TASK
The expected result is a word-for-word copy of the entries, minus any pictures.

THE DATA
# # # #

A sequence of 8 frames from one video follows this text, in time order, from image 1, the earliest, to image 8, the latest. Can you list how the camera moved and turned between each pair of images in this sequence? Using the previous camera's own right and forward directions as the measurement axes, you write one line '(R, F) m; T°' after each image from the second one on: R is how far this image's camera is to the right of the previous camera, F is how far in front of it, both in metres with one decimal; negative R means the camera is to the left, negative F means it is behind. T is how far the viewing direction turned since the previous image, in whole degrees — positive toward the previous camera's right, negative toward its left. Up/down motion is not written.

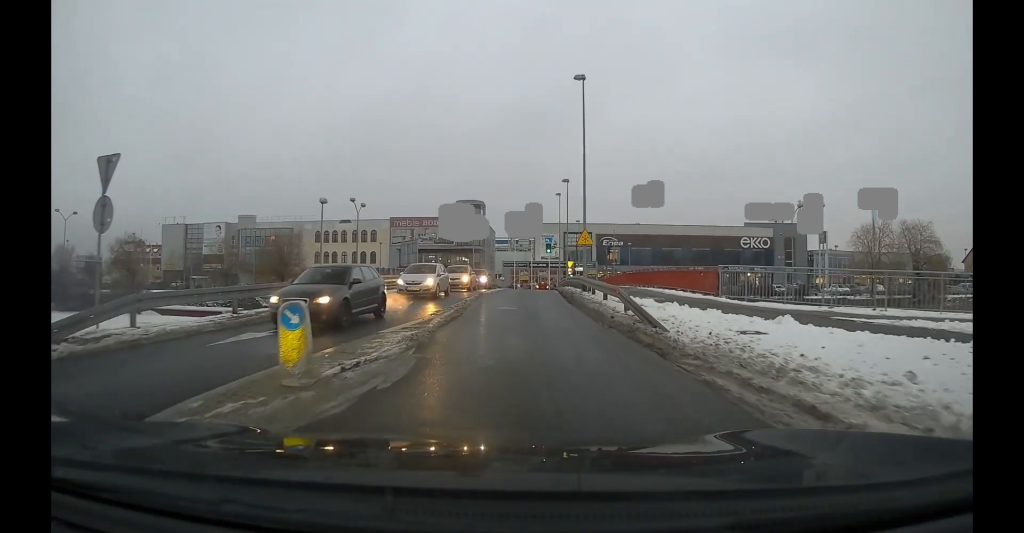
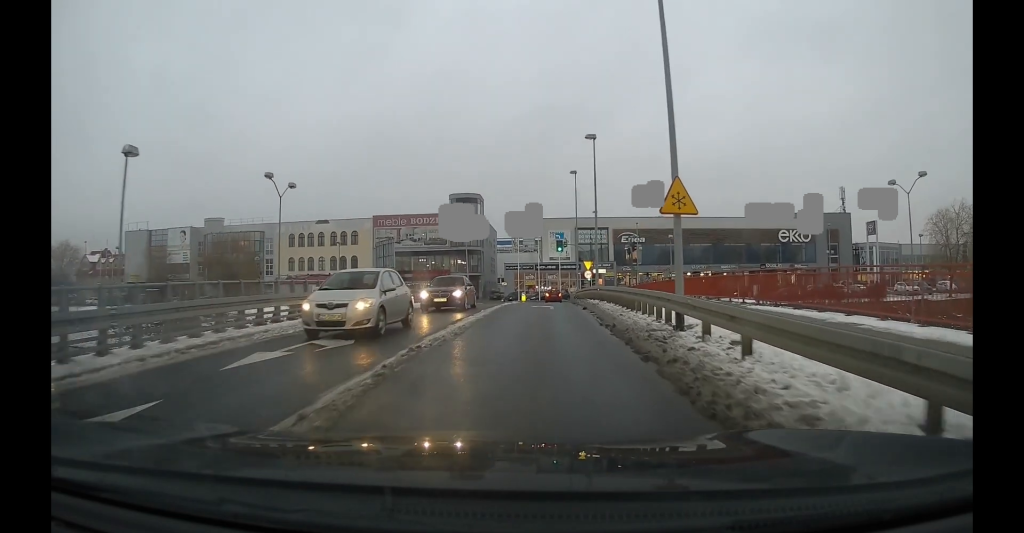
(-0.2, +16.3) m; 0°
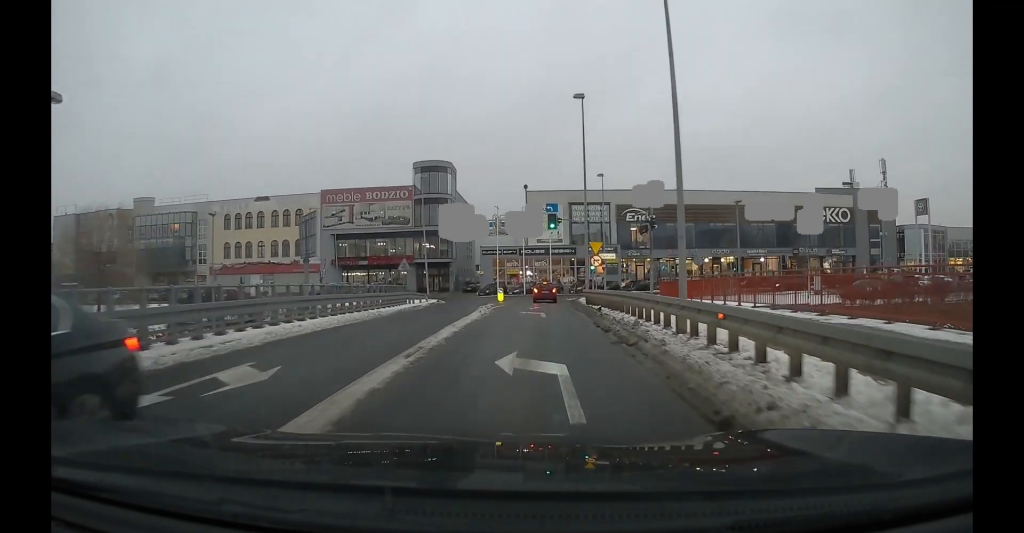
(+0.1, +18.8) m; 0°
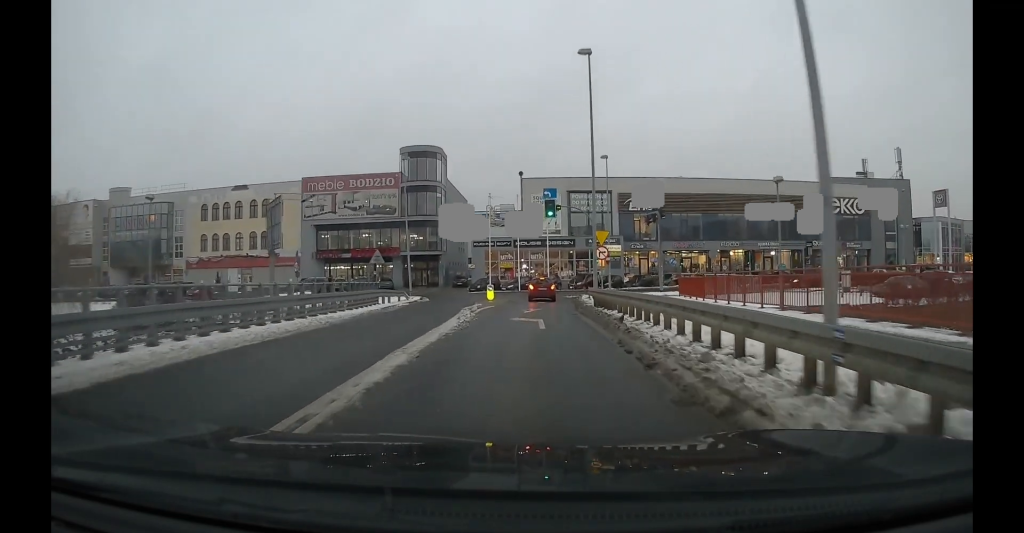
(0.0, +5.6) m; 0°
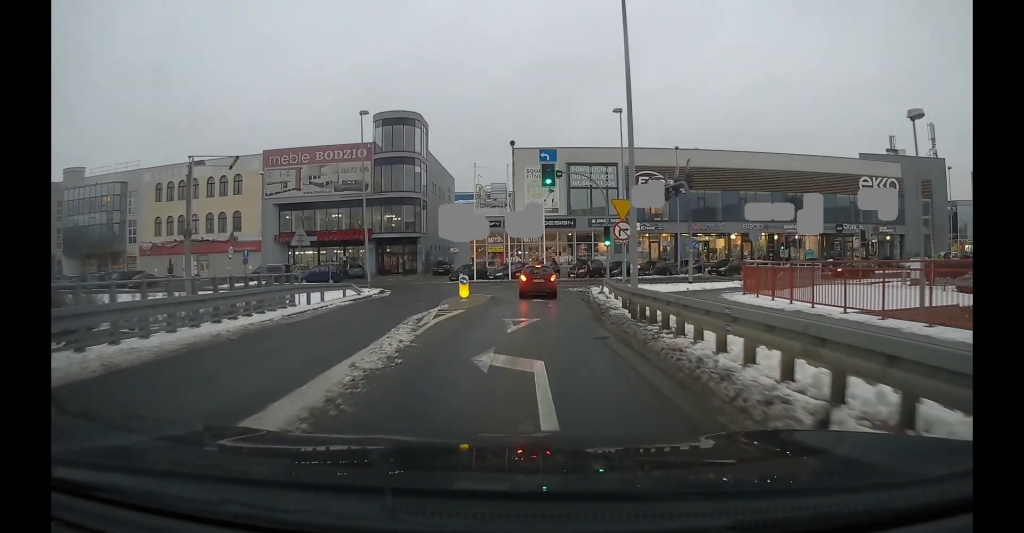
(0.0, +10.4) m; 0°
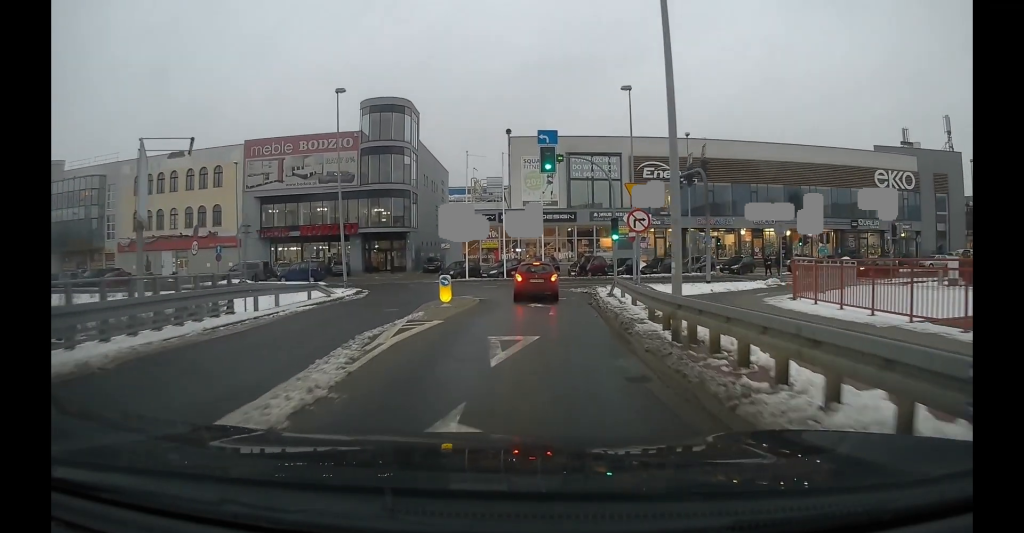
(0.0, +4.5) m; 0°
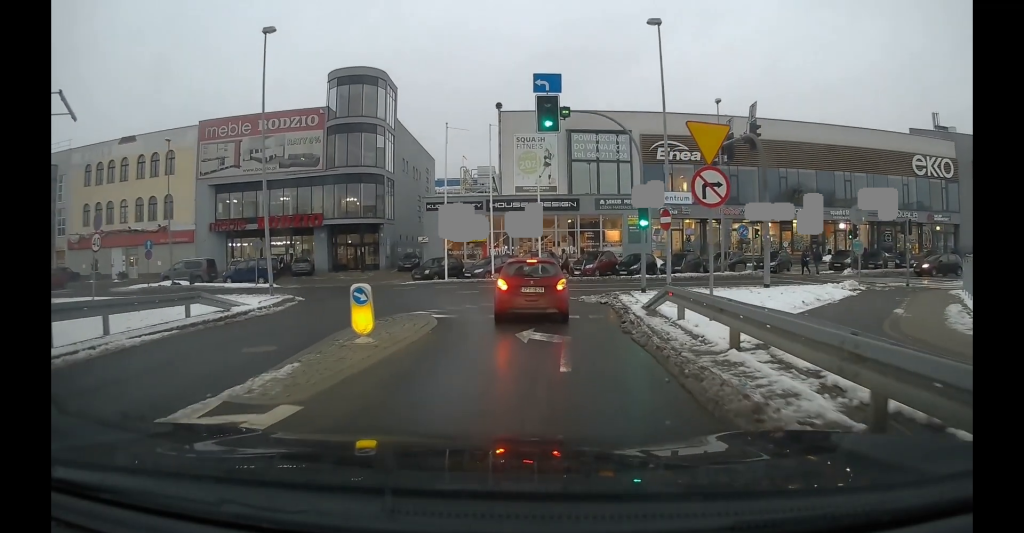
(+0.1, +10.4) m; 0°
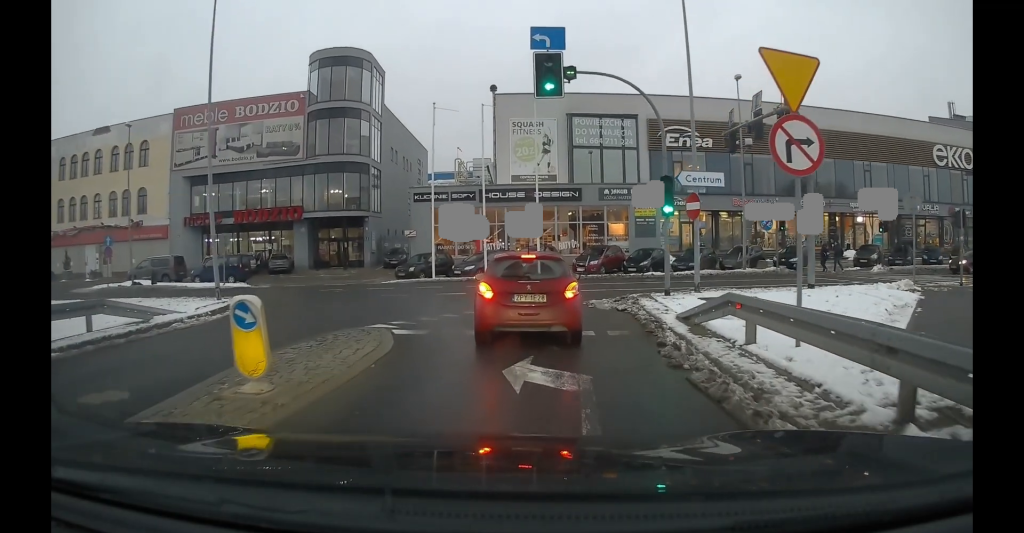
(0.0, +5.8) m; 0°

# # # #

ANSWER TO THIS TASK
A sequence of 8 frames from one video follows this text, in time order, from image 1, the earliest, to image 8, the latest. Can you list how the camera moved and turned between each pair of images in this sequence? Using the previous camera's own right and forward directions as the measurement axes, you write one line '(R, F) m; T°' after each image from the second one on: R is how far this image's camera is to the right of the previous camera, F is how far in front of it, both in metres with one decimal; negative R means the camera is to the left, negative F means it is behind. T is how far the viewing direction turned since the previous image, in whole degrees — positive toward the previous camera's right, negative toward its left. Up/down motion is not written.

(-0.2, +16.3) m; 0°
(+0.1, +18.8) m; 0°
(0.0, +5.6) m; 0°
(0.0, +10.4) m; 0°
(0.0, +4.5) m; 0°
(+0.1, +10.4) m; 0°
(0.0, +5.8) m; 0°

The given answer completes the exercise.